Some questions have swirled about how much the Marshall Project would tilt toward a ProPublica-style big investigations model, versus a more digitally driven journalistic effort. The weighty narrative took to the gates first.
Keller, a former executive editor of The New York Times who joined the startup as its editor in chief, said in a phone interview that the piece “is more of a sneak preview than a debut.” And it couldn’t hold till the site’s full rollout, which he said he expects by mid-October, for fear of competition.
The months-long investigation published Monday tells the story of Johnny Webb, a witness in the triple-homicide prosecution of Cameron Todd Willingham in 1992. Webb now claims he gave false testimony in exchange for reduced time behind bars. Written in a straightforward tone by Pulitzer Prize-winner Maurice Possley, the 4,700-word piece was cross-published by The Washington Post and led the front page of its print edition Monday morning.
Driving the day
“This will be one template we’ll follow,” Keller said. “We’d like to do long investigative pieces, deep dives, that we then deliver to the general public in partnership with other news organizations. That ProPublica model has worked quite well for them and we’ve had a lot of people who’ve wanted to partner with us.”
The Marshall Project is backed by journalist-turned-investor Neil Barsky, who also — full disclosure — chairs CJR’s Board of Overseers. It was one of several new media ventures to announce its launch earlier this year, and Keller’s place atop the masthead lent it an air of credibility from the start. The single-issue site will cover the US court and prison systems, institutions facing complex questions amid criticism of mass incarceration, ballooning costs, and racially biased policing.
The site lists a dozen editorial staff, and Keller said he’s in the process of hiring two more reporters and a photo editor to round out the team. Of primary concern now is ironing out remaining kinks on the website. “I’d rather launch a little later and get it right, especially the reader experience, than launch early and have a HealthCare.gov-like situation,” Keller said.

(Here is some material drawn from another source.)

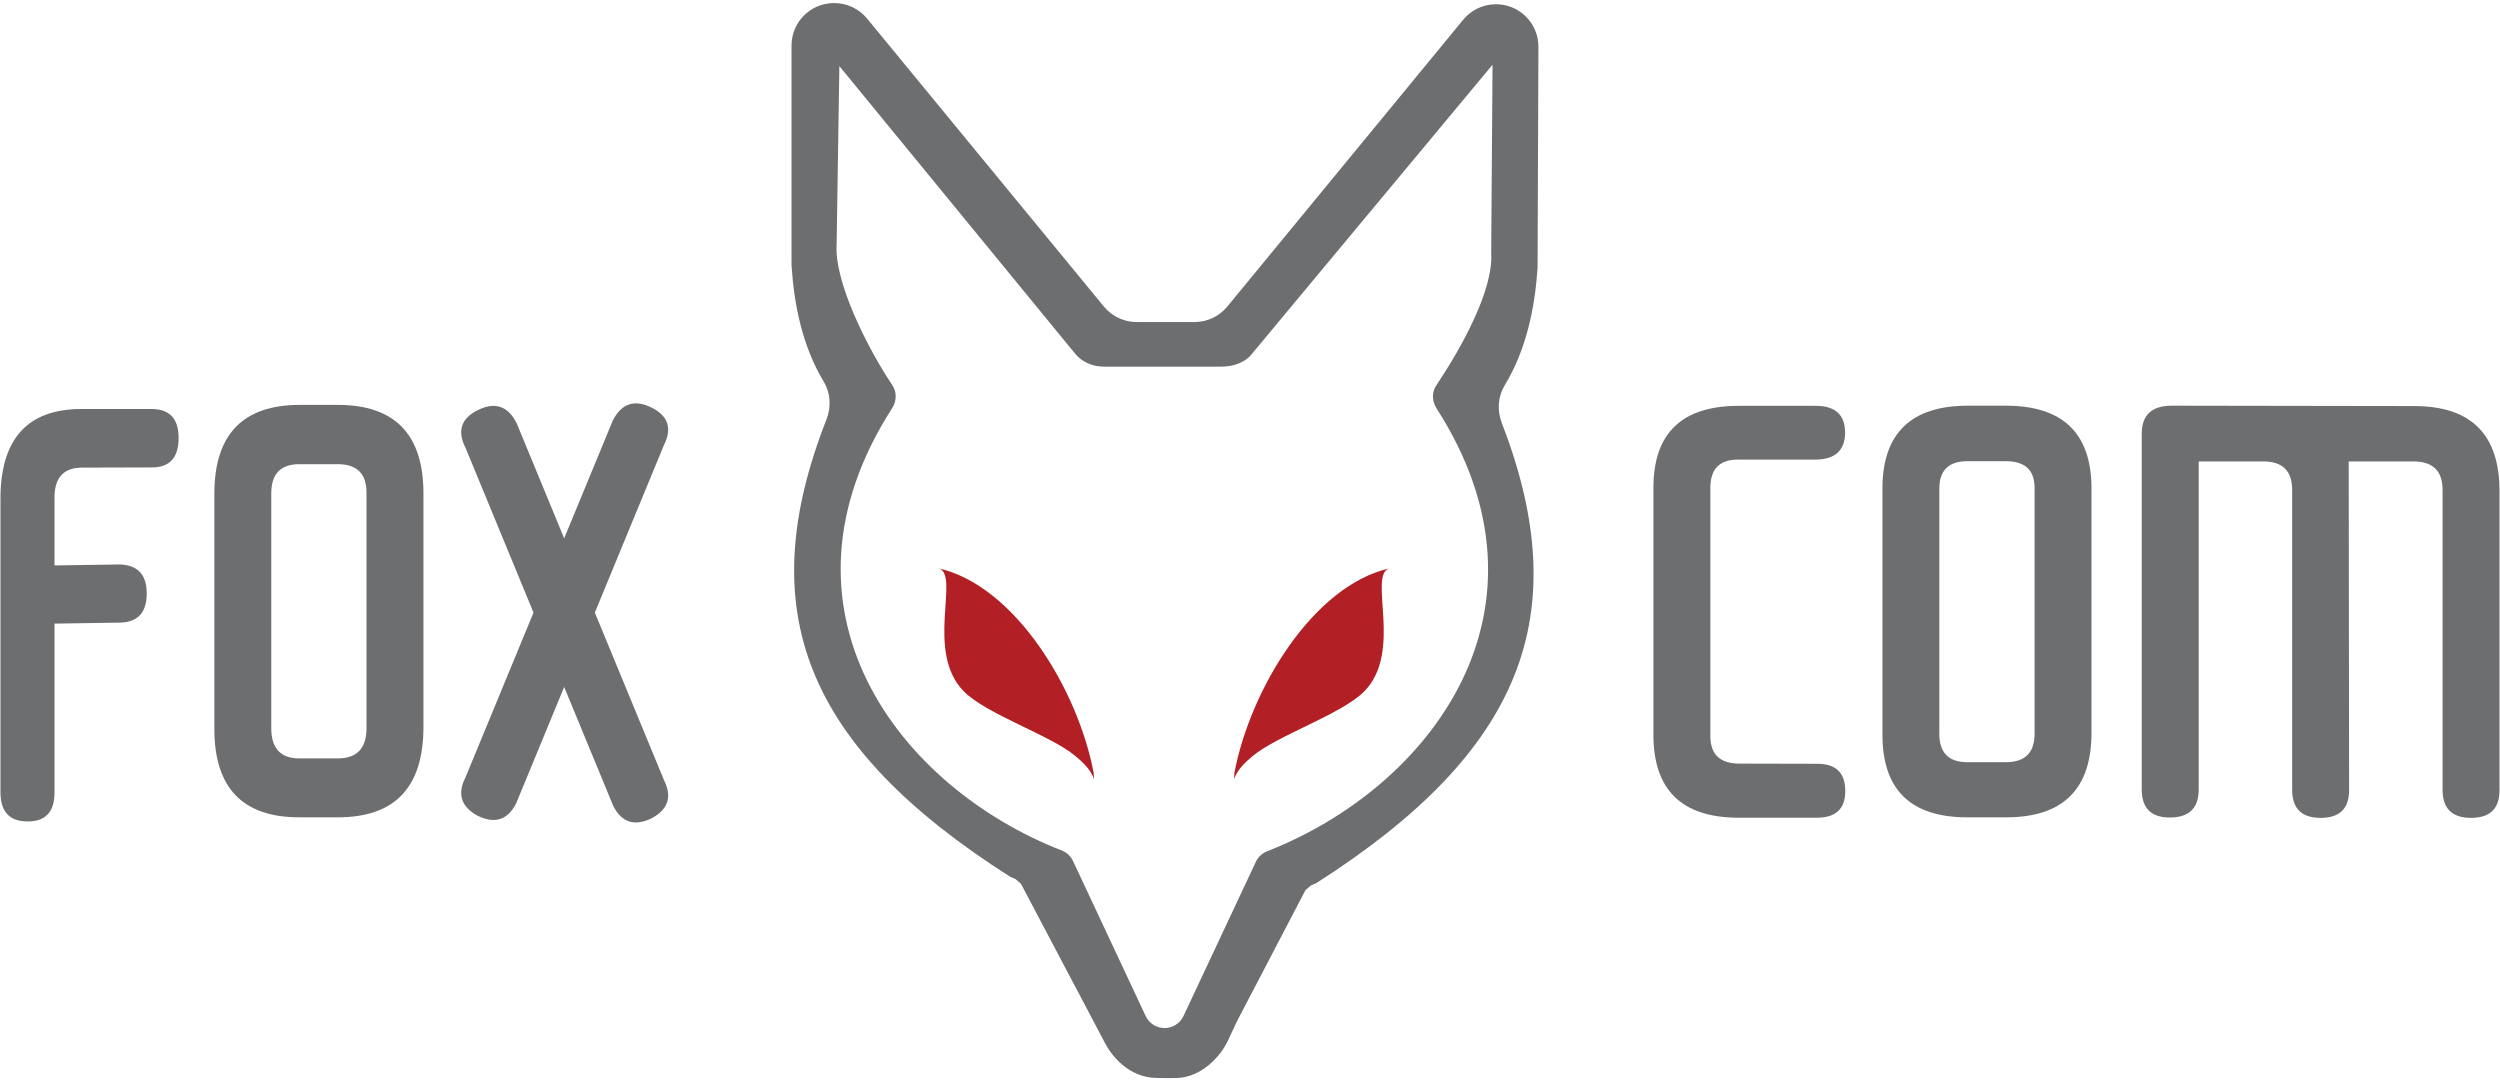 <?xml version="1.0" encoding="UTF-8" standalone="no"?>
<!DOCTYPE svg PUBLIC "-//W3C//DTD SVG 1.1//EN" "http://www.w3.org/Graphics/SVG/1.1/DTD/svg11.dtd">
<svg width="100%" height="100%" viewBox="0 0 399 173" version="1.1" xmlns="http://www.w3.org/2000/svg" xmlns:xlink="http://www.w3.org/1999/xlink" xml:space="preserve" xmlns:serif="http://www.serif.com/" style="fill-rule:evenodd;clip-rule:evenodd;stroke-linejoin:round;stroke-miterlimit:2;"><g id="foxcom-logo" serif:id="foxcom logo"><g><path d="M187.935,172.043c3.863,-0.163 6.88,-3.475 8.009,-5.888l1.471,-3.146l10.929,-20.929l0.875,-0.762l0.875,-0.384c32.891,-20.991 41.446,-42.741 29.587,-73.45c-0.766,-1.979 -0.621,-4.195 0.479,-6.008c3.417,-5.608 4.796,-12.312 5.217,-18.496c0.013,-0.175 0.017,-0.35 0.021,-0.525l0.133,-34.975c0.017,-3.746 -3.004,-6.787 -6.746,-6.804c-2.037,-0.008 -3.966,0.9 -5.262,2.475l-37.646,45.775c-1.292,1.567 -3.212,2.475 -5.246,2.471l-9.221,-0c-2.025,-0 -3.945,-0.908 -5.233,-2.475l-37.787,-45.958c-1.288,-1.567 -3.209,-2.475 -5.234,-2.475l-0.054,-0c-3.742,-0 -6.775,3.037 -6.775,6.775l0,34.754c0,0.175 0.004,0.346 0.017,0.521c0.396,6.129 1.746,12.779 5.108,18.337c1.104,1.829 1.242,4.054 0.463,6.046c-11.98,30.5 -3.521,52.1 29.291,72.996l0.875,0.383l0.867,0.754l13.429,25.454c1.092,2.075 3.838,5.534 8.342,5.534c-0,-0 2.262,0.041 3.216,-0Zm-16.418,-115.686c0,-0 -25.037,-30.542 -37.554,-45.808l-0.438,28.495c-0.395,5.859 4.846,16.396 8.896,22.438c0.738,1.1 0.692,2.533 -0.025,3.646c-20.662,32.154 1.063,60.483 27.05,70.604c0.792,0.308 1.438,0.9 1.8,1.667l11.604,24.762c0.55,1.171 1.725,1.917 3.017,1.917c1.292,-0 2.467,-0.746 3.017,-1.917l11.566,-24.642c0.363,-0.766 1.009,-1.354 1.796,-1.662c25.984,-10.142 47.696,-38.508 27.013,-70.704c-0.717,-1.113 -0.763,-2.542 -0.025,-3.646c4.046,-6.046 9.162,-15.275 8.762,-21.146l0.213,-30.029c-12.834,15.421 -38.504,46.267 -38.504,46.267c-0,-0 -1.375,1.916 -4.8,1.916l-18.709,0c-3.187,0 -4.679,-2.158 -4.679,-2.158Z" style="fill:#6d6e70;"/><path d="M174.607,124.317l-0.054,-0.958c-2.55,-13.429 -12.604,-29.883 -24.729,-32.646c-0.008,-0.004 -0.004,0.004 0.008,0.004c3.446,1.08 -2.262,13.296 4.013,19.646c3.562,3.613 13.85,7.009 17.75,10.271c1.208,1.008 2.392,2.071 3.012,3.683" style="fill:#b21f24;"/><path d="M196.954,124.317l0.054,-0.958c2.55,-13.429 12.604,-29.883 24.729,-32.646c0.009,-0.004 0.005,0.004 -0.008,0.004c-3.45,1.08 2.263,13.296 -4.012,19.646c-3.563,3.613 -13.85,7.009 -17.755,10.271c-1.204,1.008 -2.387,2.071 -3.008,3.683" style="fill:#b21f24;"/><path d="M47.778,74.082c-2.987,-0 -4.483,1.554 -4.483,4.666l-0,37.467c-0,3.221 1.496,4.829 4.483,4.829l6.117,0c3.067,0 4.6,-1.608 4.6,-4.829l-0,-37.588c-0,-3.033 -1.533,-4.545 -4.6,-4.545l-6.117,-0Zm0.088,-9.463l6.029,0c9.125,0 13.687,4.708 13.687,14.129l0,37.279c0,9.613 -4.541,14.417 -13.629,14.417l-6.204,0c-9.025,0 -13.537,-4.7 -13.537,-14.1l-0,-37.562c-0,-9.446 4.55,-14.163 13.654,-14.163" style="fill:#6d6e70;fill-rule:nonzero;"/><path d="M76.247,65.459c2.721,-1.358 4.783,-0.683 6.183,2.021l23.517,56.967c1.367,2.679 0.713,4.733 -1.967,6.162c-2.729,1.313 -4.762,0.654 -6.104,-1.975l-23.562,-57.129c-1.384,-2.7 -0.738,-4.717 1.933,-6.046m29.688,5.642l-23.563,57.133c-1.342,2.629 -3.375,3.288 -6.108,1.975c-2.679,-1.433 -3.329,-3.483 -1.963,-6.162l23.513,-56.963c1.4,-2.708 3.462,-3.383 6.183,-2.029c2.671,1.333 3.317,3.346 1.938,6.046" style="fill:#6d6e70;fill-rule:nonzero;"/><path d="M294.507,126.25c-0,2.842 -1.513,4.259 -4.542,4.259l-12.45,-0c-9.088,-0 -13.629,-4.413 -13.629,-13.242l-0,-39.421c-0,-8.717 4.541,-13.075 13.629,-13.075l12.212,0c3.163,-0.021 4.75,1.413 4.75,4.288c-0.02,2.804 -1.566,4.237 -4.633,4.295l-12.446,0c-2.95,-0.016 -4.425,1.488 -4.425,4.521l0,39.592c0,2.937 1.542,4.404 4.634,4.404l12.45,0.029c2.966,0 4.45,1.454 4.45,4.35" style="fill:#6d6e70;fill-rule:nonzero;"/><path d="M314.002,73.605c-2.992,0 -4.484,1.459 -4.484,4.371l0,39.154c0,3.013 1.492,4.517 4.484,4.517l6.116,-0c3.067,-0 4.6,-1.504 4.6,-4.517l0,-39.271c0,-2.833 -1.533,-4.254 -4.6,-4.254l-6.116,0Zm0.087,-8.858l6.029,-0c9.121,-0 13.684,4.412 13.684,13.229l-0,38.975c-0,9 -4.542,13.496 -13.625,13.496l-6.209,-0c-9.025,-0 -13.533,-4.4 -13.533,-13.2l-0,-39.242c-0,-8.833 4.55,-13.258 13.654,-13.258" style="fill:#6d6e70;fill-rule:nonzero;"/><path d="M385.29,64.808c9.084,0 13.63,4.517 13.63,13.554l-0,47.755c-0,2.945 -1.517,4.416 -4.546,4.416c-3.029,0 -4.542,-1.491 -4.542,-4.479l0,-47.871c0,-3.025 -1.546,-4.537 -4.633,-4.537l-10.346,-0l0.062,52.471c0,2.945 -1.516,4.416 -4.545,4.416c-3.03,0 -4.542,-1.491 -4.542,-4.479l-0,-47.871c-0,-3.025 -1.533,-4.537 -4.6,-4.537l-10.317,-0l0,52.354c0,2.983 -1.533,4.475 -4.604,4.475c-2.987,-0 -4.483,-1.492 -4.483,-4.475l-0,-56.8c-0,-2.913 1.541,-4.392 4.637,-4.454l38.829,0.062Z" style="fill:#6d6e70;fill-rule:nonzero;"/><path d="M24.251,74.602l-11.154,0.03c-2.933,-0 -4.4,1.591 -4.4,4.77l0,10.842l10.35,-0.158c2.913,0.058 4.371,1.612 4.371,4.641c-0,3.121 -1.508,4.671 -4.517,4.646l-10.204,0.159l0,26.925c0.017,3.116 -1.421,4.666 -4.312,4.645c-2.875,0 -4.313,-1.558 -4.313,-4.675l0,-46.808c0,-9.562 4.308,-14.342 12.938,-14.342l11.183,0c2.875,0 4.312,1.542 4.312,4.617c0,3.138 -1.416,4.708 -4.254,4.708" style="fill:#6d6e70;fill-rule:nonzero;"/></g></g></svg>

The site will package its own reporting and commentary alongside aggregated criminal justice news in a daily morning email. In addition to investigative stories like the one published Monday, Keller said, coverage will include day-to-day analyses and magazine-style features.
“Some will be a more character-driven narrative, and some of them will explore things that work,” he said. “It won’t all be about failings in the system.”